請求URL分析	https://tieba.baidu.com/f?kw=魔獸世界&ie=utf-8&pn=50
請求方式分析	GET
請求參數分析	pn每頁50發生變化,其他參數固定不變
請求頭分析	只需要添加User-Agent
"""

# 代碼實現流程
# 1. 實現面向對象構建爬蟲對象
# 2. 爬蟲流程四步驟
# 2.1 獲取url列表
# 2.2 發送請求獲取響應
# 2.3 從響應中提取數據
# 2.4 保存數據

import requests


class TieBa_Spier():

	def __init__(self, max_page, kw):
		# 初始化
		self.max_page = max_page  # 最大頁碼
		self.kw = kw  # 貼吧名稱
		self.base_url = "https://tieba.baidu.com/f?kw={}&ie=utf-8&pn={}"
		self.headers = {
			"User-Agent": "Mozilla/5.0 (Macintosh; Intel Mac OS X 10_14_3) AppleWebKit/537.36 (KHTML, like Gecko) Chrome/73.0.3683.86 Safari/537.36"
		}

	def get_url_list(self):
		"""獲取url列表"""
		# 根據pn每50進入下一頁,構建url列表
		return [self.base_url.format(self.kw, pn) for pn in range(0, self.max_page * 50, 50)]

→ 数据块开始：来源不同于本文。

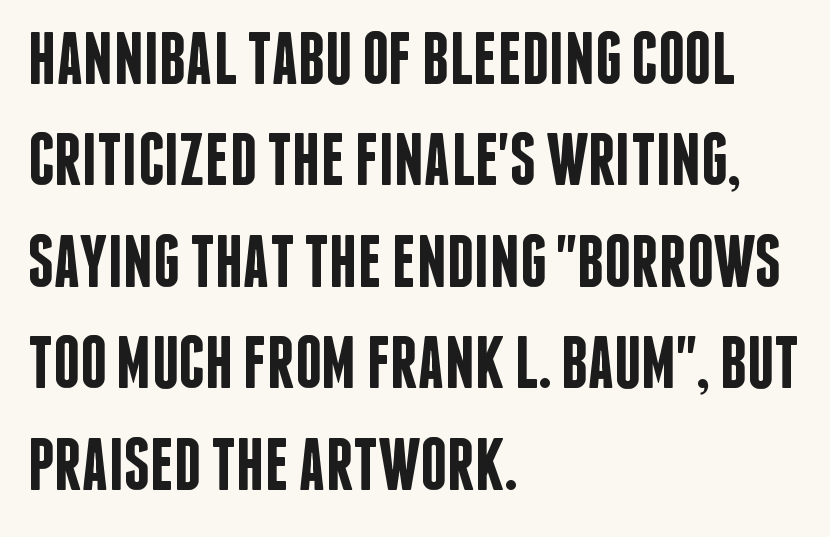
{"serif": "no", "italic": "no", "bold": "semi", "weight": "semibold", "width": "condensed", "stroke_contrast": "low", "x_height": "large", "monospaced": "no", "underline": "no", "align": "left", "line_spacing": "normal", "line_spacing_ratio": 1.37, "letter_spacing": "normal", "letter_spacing_em": 0.0, "glyph_px": 74}
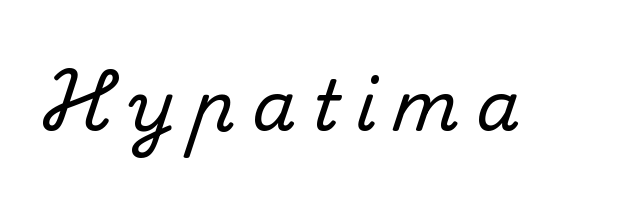
{"serif": "yes", "width": "normal", "stroke_contrast": "medium", "x_height": "small", "monospaced": "no", "underline": "no", "letter_spacing": "wide", "letter_spacing_em": 0.23, "glyph_px": 70}
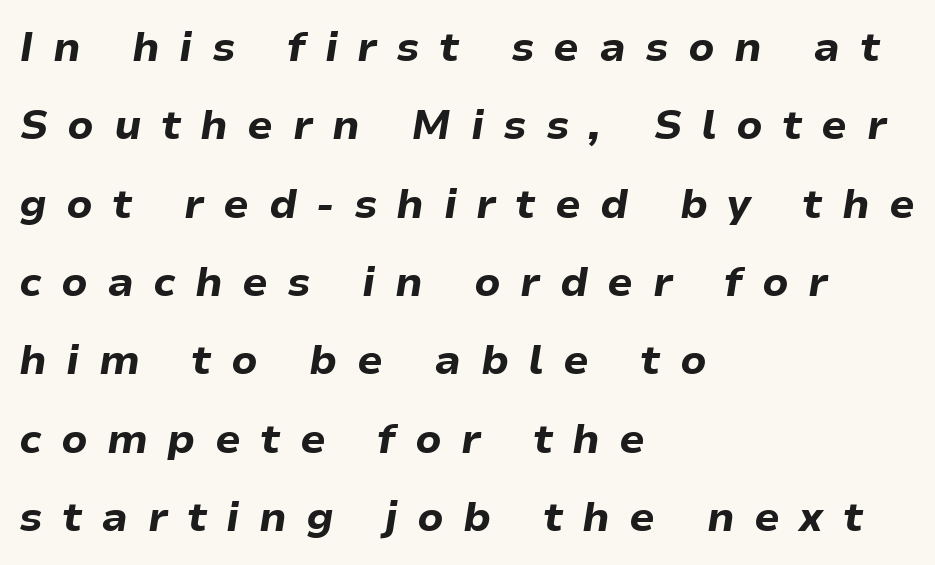
Q: Is the text bold? A: Yes.
Q: Is the text italic (slanted)? A: Yes, it leans right by about 9 degrees.
Q: Is the text underlined? A: No.
Q: How is the paragraph aligned? A: Left-aligned.
Q: Is the spacing between letters normal or unusually wide? A: Unusually wide.
Q: Is the spacing between lines tight, normal or loose? A: Loose.
Q: Width (condensed, normal, or wide)? A: Normal.
Q: Stroke contrast? A: Low.
Q: x-height? A: Medium.
Q: Monospaced? A: No.
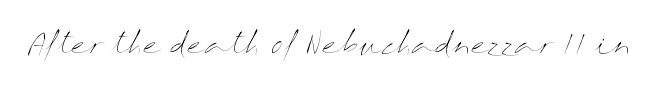
{"bold": "no", "underline": "no", "letter_spacing": "normal", "letter_spacing_em": 0.0, "glyph_px": 27}
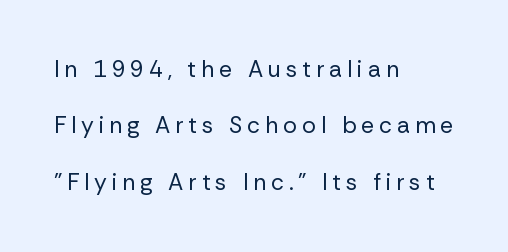
The image shows 23 px text type, upright; set left-aligned, loose line spacing (2.45x), unusually wide letter spacing (+0.21 em), not underlined.
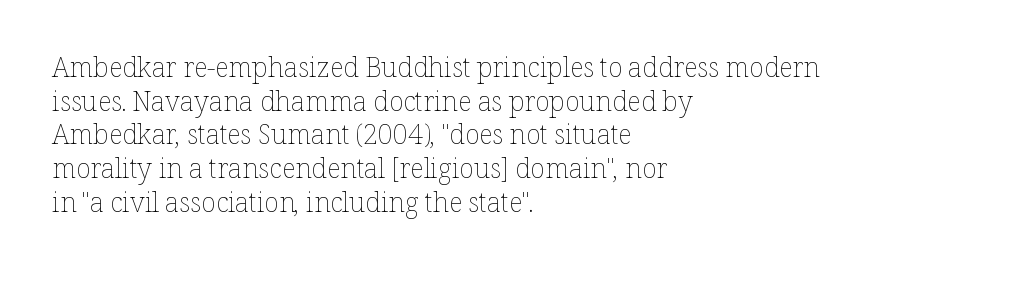
The image shows 27 px text type, upright; set left-aligned, normal line spacing (1.25x), normal letter spacing, not underlined.
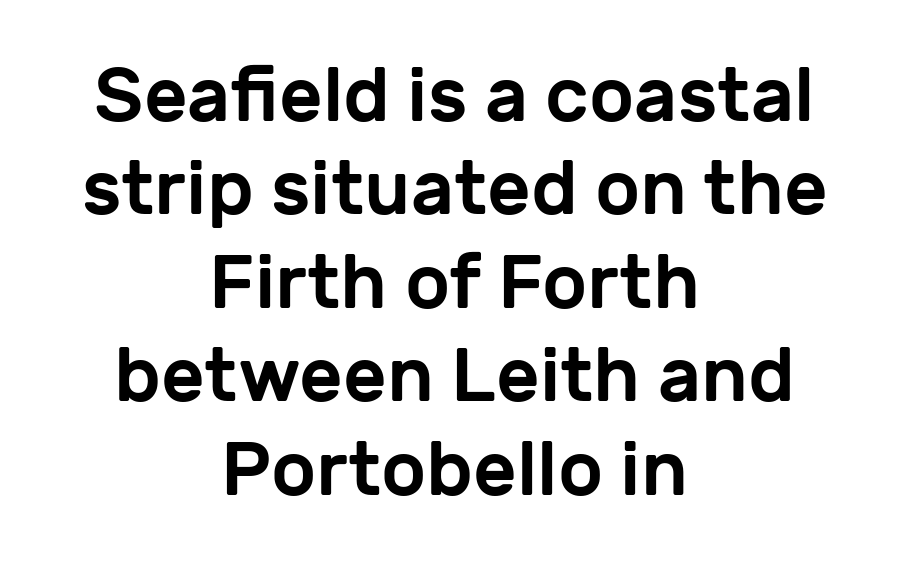
Q: Is the text italic (slanted)? A: No, it is upright.
Q: Is the typeface a serif or a sans-serif typeface? A: Sans-serif.
Q: Is the text underlined? A: No.
Q: How is the paragraph aligned? A: Centered.
Q: Is the spacing between letters normal or unusually wide? A: Normal.
Q: Width (condensed, normal, or wide)? A: Normal.
Q: Stroke contrast? A: Low.
Q: x-height? A: Medium.
Q: Monospaced? A: No.
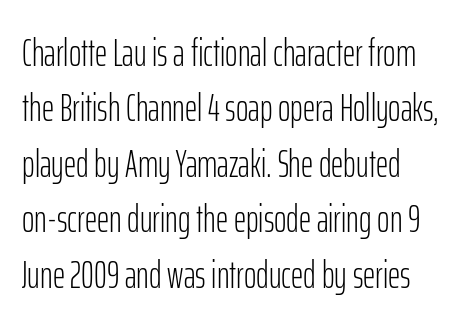
Q: Is the text bold? A: No.
Q: Is the text italic (slanted)? A: No, it is upright.
Q: Is the typeface a serif or a sans-serif typeface? A: Sans-serif.
Q: Is the text underlined? A: No.
Q: How is the paragraph aligned? A: Left-aligned.
Q: Is the spacing between letters normal or unusually wide? A: Normal.
Q: Is the spacing between lines tight, normal or loose? A: Normal.
Q: Width (condensed, normal, or wide)? A: Condensed.
Q: Stroke contrast? A: Low.
Q: x-height? A: Medium.
Q: Monospaced? A: No.

	def get_content(self, url):
		"""發送請求獲取響應內容"""
		response = requests.get(
			url=url,
			headers=self.headers
		)
		# print(response.text)
		return response.content

	def save_items(self, content, idx):
		"""從響應內容中提取數據"""
		with open('{}.html'.format(idx), 'wb') as f:
			f.write(content)
		return None

	def run(self):
		"""運行程序"""
		# 獲取url_list
		url_list = self.get_url_list()
		for url in url_list:
			# 發送請求獲取響應
			content = self.get_content(url)

			# 保存數據,按照url的索引+1命名保存的文件
			items = self.save_items(content, url_list.index(url) + 1)

			# 測試
			# print(items)


if __name__ == '__main__':
	# 最大頁碼,貼吧名
	spider = TieBa_Spier(2, "神無月")
	spider.run()

 002.京東商品評論

# !/usr/bin/python3
# -*- coding: utf-8 -*-
import requests
import re
import pandas as pd

"""
請求URL分析	https://club.jd.com/comment/productPageComments.action?callback=fetchJSON_comment98vv4962&productId=5089225&score=0&sortType=5&page=0&pageSize=10&isShadowSku=0&rid=0&fold=1
請求方式分析	GET
請求參數分析	page每頁加1發生變化,其他參數固定不變
請求頭分析	不需要添加User-Agent
"""


# 代碼實現流程
# 1. 實現面向對象構建爬蟲對象
# 2. 爬蟲流程四步驟
# 2.1 獲取url列表
# 2.2 發送請求獲取響應
# 2.3 從響應中提取數據
# 2.4 保存數據


class JD_Spier():

	def __init__(self, max_page):
		# 初始化
		self.max_page = max_page  # 最大頁碼
		self.base_url = "https://club.jd.com/comment/productPageComments.action?callback=fetchJSON_comment98vv4962&productId=5089225&score=0&sortType=5&page={}&pageSize=10&isShadowSku=0&rid=0&fold=1"

	def get_url_list(self):
		"""獲取url列表"""
		# 根據page每1進入下一頁,構建url列表
		return [self.base_url.format(page) for page in range(0, self.max_page, 1)]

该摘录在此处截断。